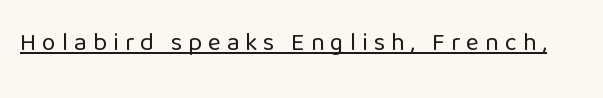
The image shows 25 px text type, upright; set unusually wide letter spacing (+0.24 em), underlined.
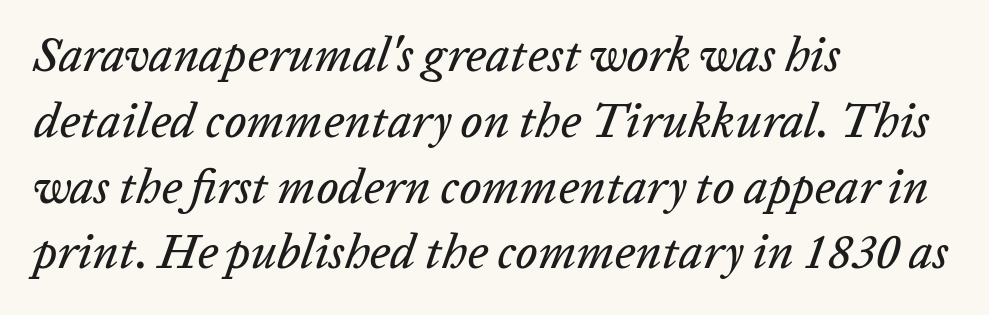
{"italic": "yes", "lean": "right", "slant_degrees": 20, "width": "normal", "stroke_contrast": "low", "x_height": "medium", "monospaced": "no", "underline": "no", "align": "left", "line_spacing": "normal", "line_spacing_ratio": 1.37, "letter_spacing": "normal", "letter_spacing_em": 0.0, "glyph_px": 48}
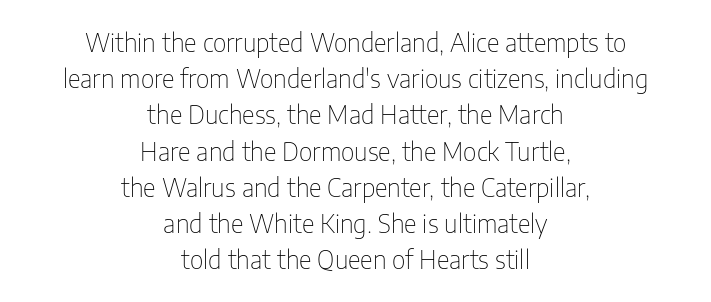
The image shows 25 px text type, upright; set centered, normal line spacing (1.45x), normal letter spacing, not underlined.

* [To do] For every line above that holds the word "text", report the whole line.

* [Written response]
The image shows 25 px text type, upright; set unusually wide letter spacing (+0.24 em), underlined.
The image shows 25 px text type, upright; set centered, normal line spacing (1.45x), normal letter spacing, not underlined.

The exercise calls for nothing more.